[Stored items from a collection]
==*==
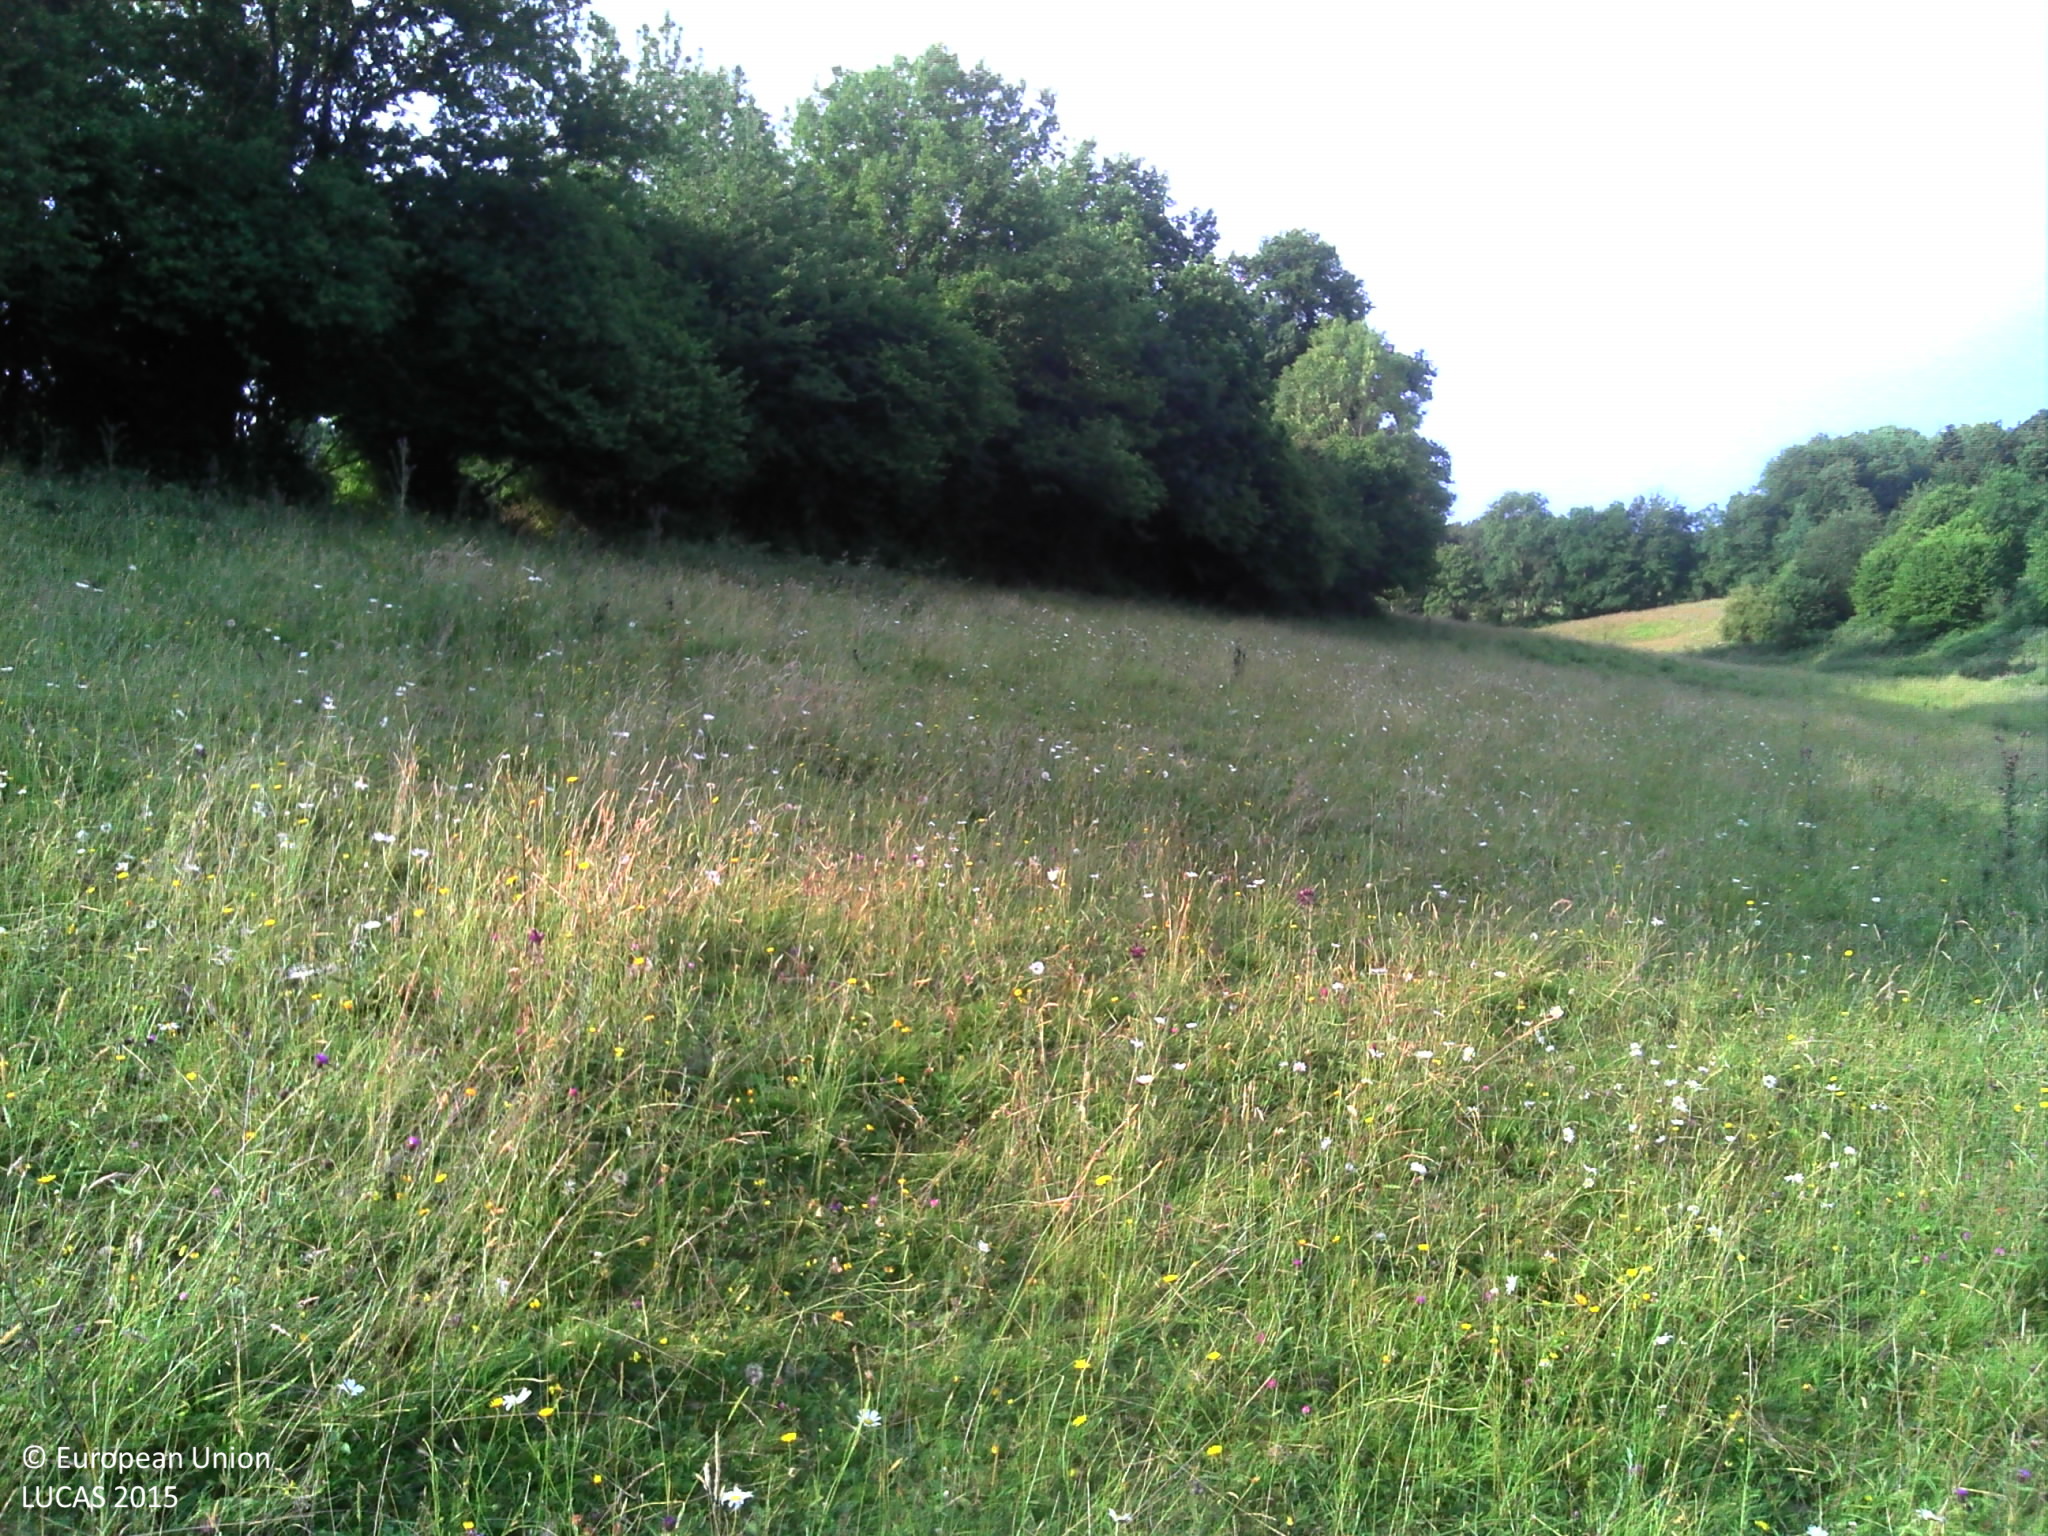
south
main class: Grassland
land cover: Grassland without tree/shrub cover
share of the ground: > 75 %
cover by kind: herbaceous plants 100 %
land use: Agriculture (excluding fallow land and kitchen gardens)
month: July
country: FR
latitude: 48.9903
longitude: 0.0895
==*==
◆ ACTION ITEM
Could you give all of the data again exactly as written, omitting any pictures?

◆ WRITTEN ANSWER
south
main class: Grassland
land cover: Grassland without tree/shrub cover
share of the ground: > 75 %
cover by kind: herbaceous plants 100 %
land use: Agriculture (excluding fallow land and kitchen gardens)
month: July
country: FR
latitude: 48.9903
longitude: 0.0895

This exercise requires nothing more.